Ул помолчал, наблюдая птах и собираясь с духом. Как не мёрзнут их паутинные лапки? Как хватает им мужества лететь впереди большого тепла, в студёную зиму, опасную голодом, даже смертью? Ул сноровисто резал скользкие прутья, вышелушивал из глазури льда, чистил от коры. Руки сами, привычно, сооружали клетку. Прутья редкие – не удержат и голубя в арках плетения. Ледоломки подбирались всё ближе, охотно приняв рассыпанное для них угощение – целый ком мотыля, уворованного из запасов Сото, пока безнадёжно честный хэш слепо глядел на собеседника, «взятого за горло».

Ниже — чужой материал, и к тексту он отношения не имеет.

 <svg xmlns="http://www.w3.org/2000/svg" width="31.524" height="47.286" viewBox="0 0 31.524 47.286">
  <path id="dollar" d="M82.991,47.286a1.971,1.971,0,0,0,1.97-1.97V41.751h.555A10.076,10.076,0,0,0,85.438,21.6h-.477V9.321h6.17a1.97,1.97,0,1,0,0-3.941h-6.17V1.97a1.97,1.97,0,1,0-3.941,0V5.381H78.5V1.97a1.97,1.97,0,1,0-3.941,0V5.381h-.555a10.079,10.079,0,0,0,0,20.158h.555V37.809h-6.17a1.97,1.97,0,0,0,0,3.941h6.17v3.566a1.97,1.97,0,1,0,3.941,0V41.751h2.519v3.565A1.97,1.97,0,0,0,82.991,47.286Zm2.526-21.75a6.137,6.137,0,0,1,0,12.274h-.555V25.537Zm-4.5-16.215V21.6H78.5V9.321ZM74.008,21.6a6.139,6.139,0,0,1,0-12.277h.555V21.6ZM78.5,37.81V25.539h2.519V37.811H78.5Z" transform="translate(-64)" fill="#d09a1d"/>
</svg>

– У Сото в саду сытно и спокойно, – пообещал Ул, слушая звонкий щебет. – Змей там нет, честно. С кошками разберусь, мы знакомы. Глупо говорить такое вслух, я понимаю. Вы не люди, да и я, вроде, не домик в наём сдаю. Но молча плести не получается. Иногда во мне просыпаются мамины привычки, я делаюсь болтлив. Особенно теперь. Не могу понять, страшно мне или интересно. Глупости, что я не человек. Надо ж сказать такое! Да, расту медленно. Может, я невысокий? Не лазал бы по чужим сараям, проверяя несушек прежде хозяйских детей и котов, не видел бы в темноте. А волосы… А что – волосы? Ничего особенного. Лия сказала, я цветочный человек. Лия слишком красивая, вот она – из сказки. Она так улыбается…

Ул осмотрел готовую клетку, поставил и откинулся на спину.

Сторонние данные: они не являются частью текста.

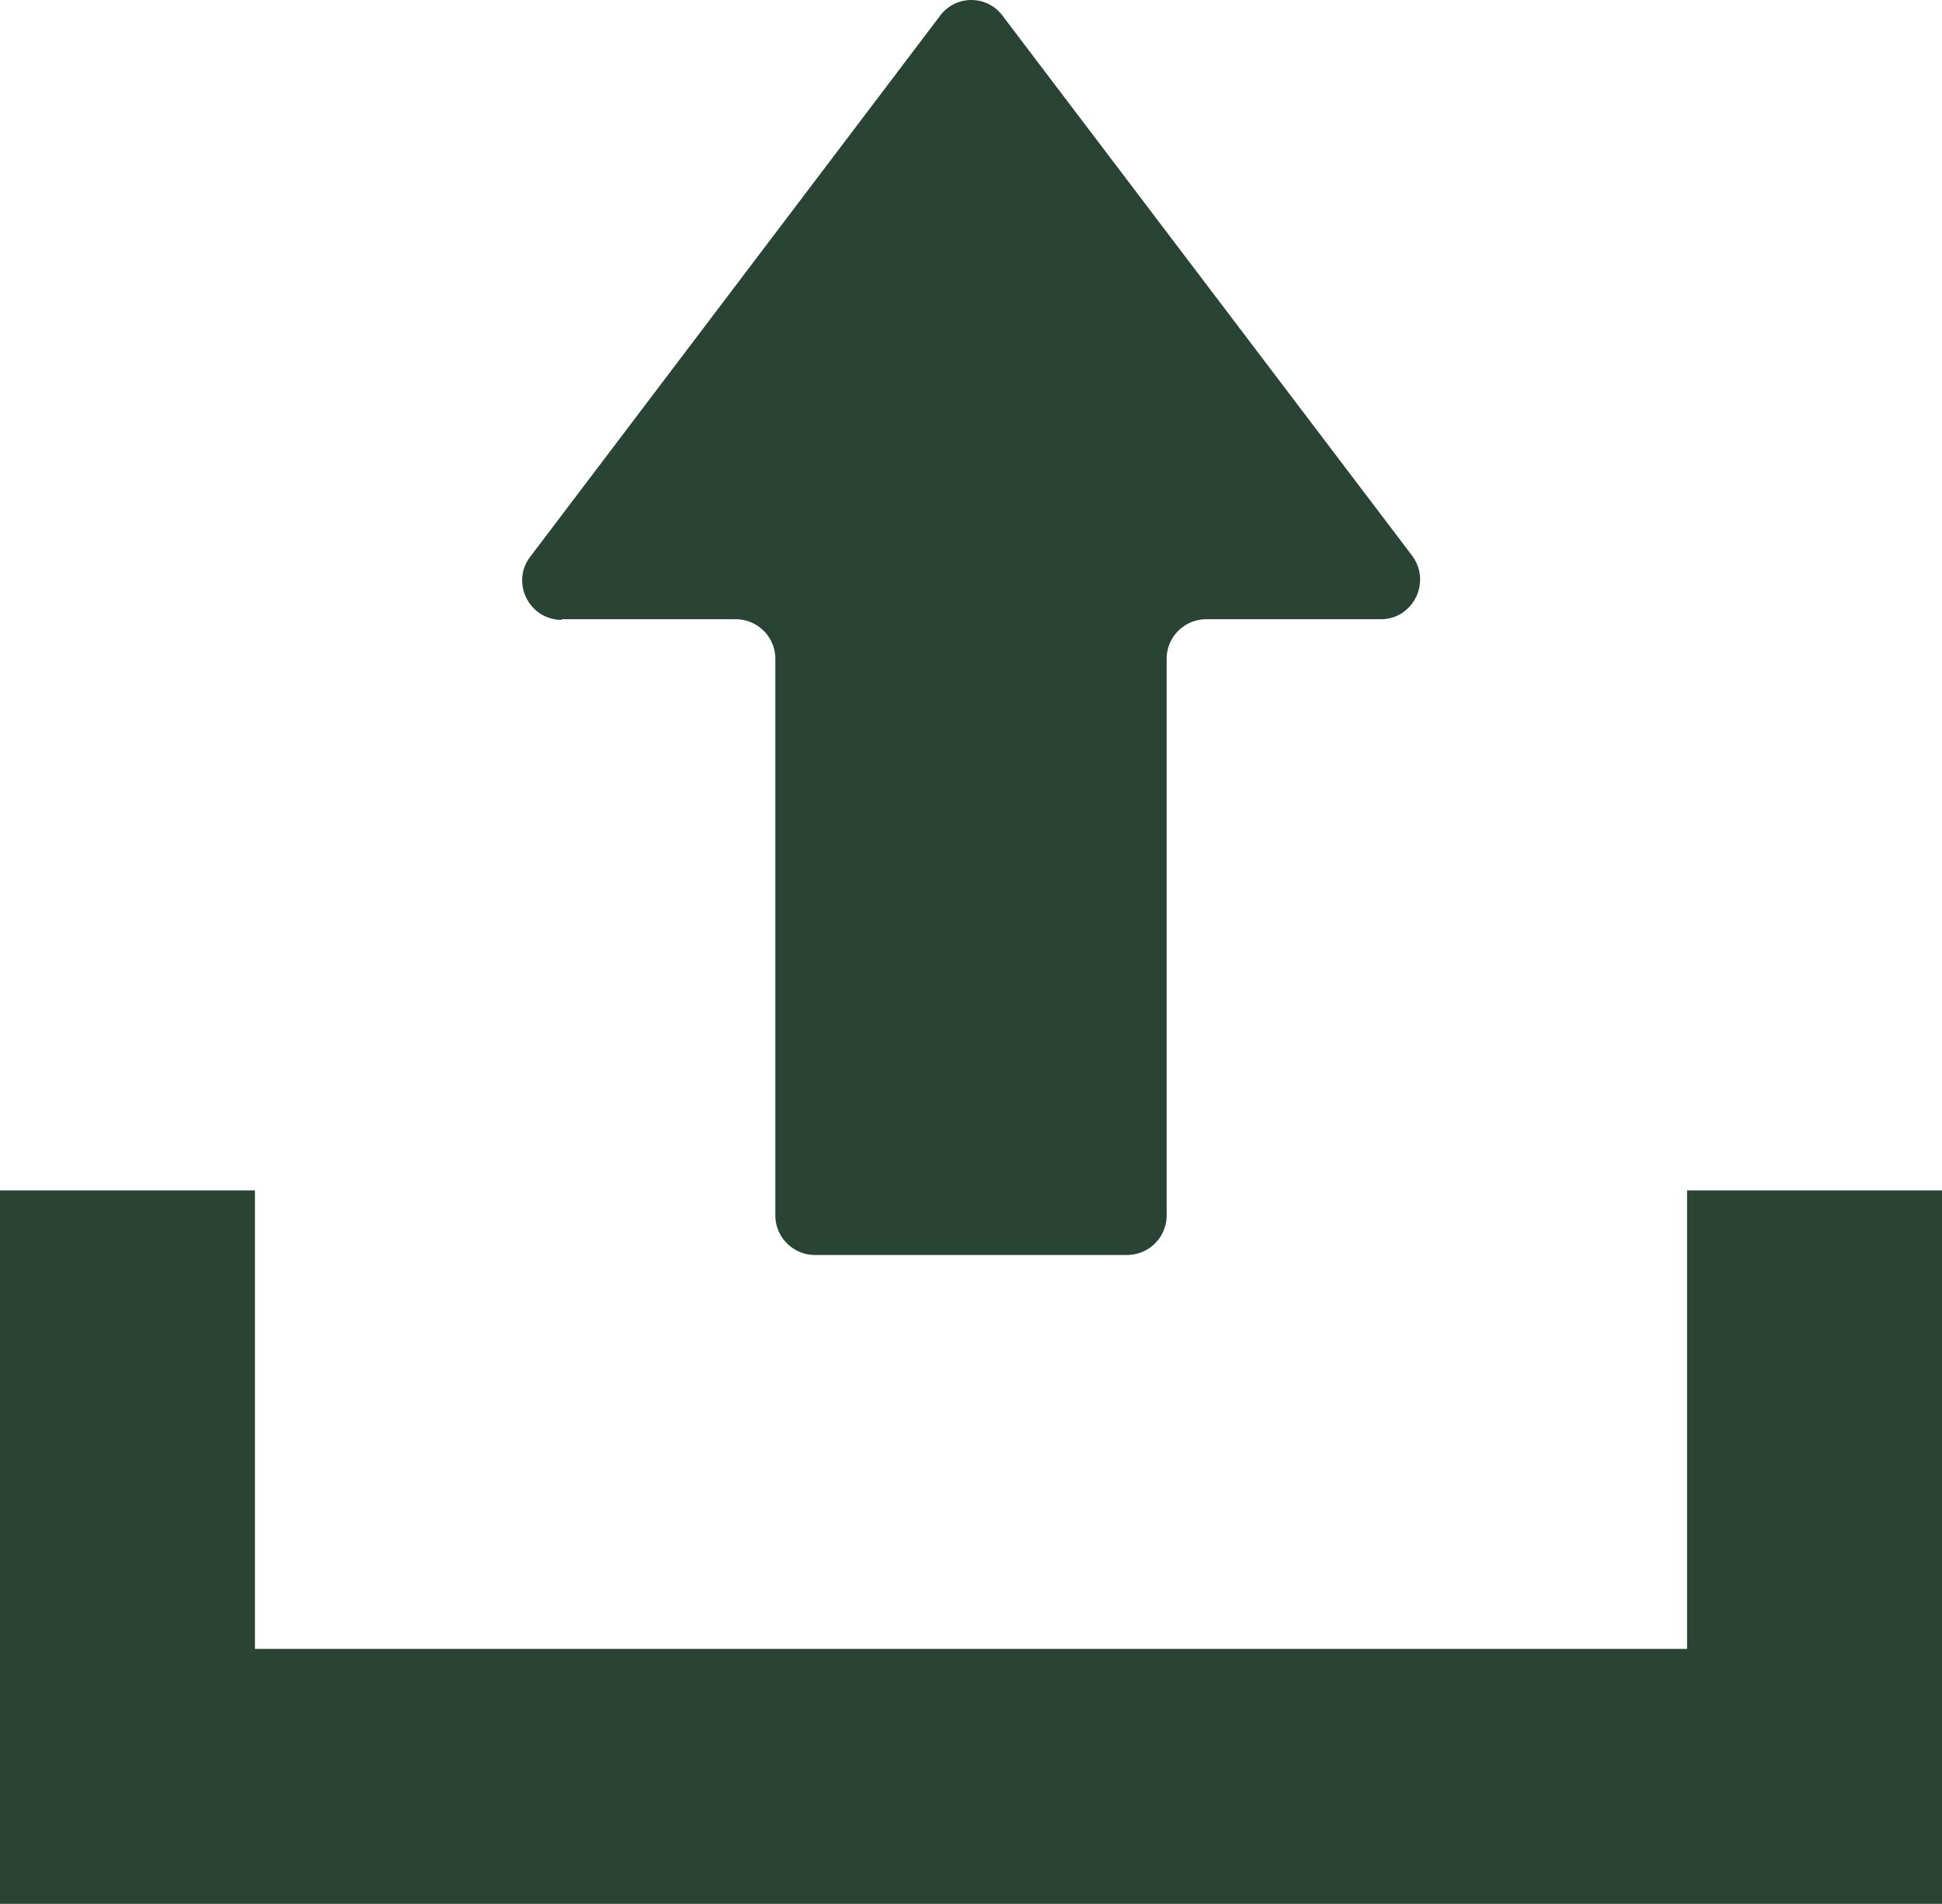 <svg xmlns="http://www.w3.org/2000/svg" viewBox="0 0 29.48 28.9"><defs><style>path{fill:#294434}</style></defs><path d="M8.52 9.4h2.65c.33 0 .6.27.6.6v8.45c0 .33.27.6.6.6h4.74c.33 0 .6-.27.6-.6V10c0-.33.27-.6.6-.6h2.65c.49 0 .77-.56.48-.96L15.22.24a.59.59 0 0 0-.95 0L8.05 8.45c-.3.39-.02.96.48.96Z"/><path d="M25.61 18.07v6.96H3.87v-6.96H0V28.9h29.48V18.07h-3.87z"/></svg>

Вид с этого островка – готовая картина. Загляденье, чудо. И где только бродят синие нобы, мастера выводить узоры? Им бы сидеть тут да зарисовывать… Туман редеет, не мешает взгляду, нацеленному в небо. Сонное утро кутает белые плечи в кружево облачков. Самые яркие звезды подмигивают рассвету. Цвет плывет, скручивается в небесные водовороты, переливается, играет.

Ул сокрушённо вздохнул и нахохлился, отвернувшись от востока. Эдак можно позволить себе додуматься невесть до чего. Признать, что и днём ты видишь некоторые звёзды, и вовсе не на дне колодца, как разрешают сказки.

– Я человек, и по-человечески прошу исправить ошибку, – обратился он к ледоломкам. Поклонился двум, уже выбравшим место на жёрдочке клетки. – Пожалуйста. Я скажу Сото, чтобы он не зажуливал мотыля, выделял вам. И сам брать у него мотыля не стану. Хотя о чем я, мне плыть в город. Как ещё мама примет новость?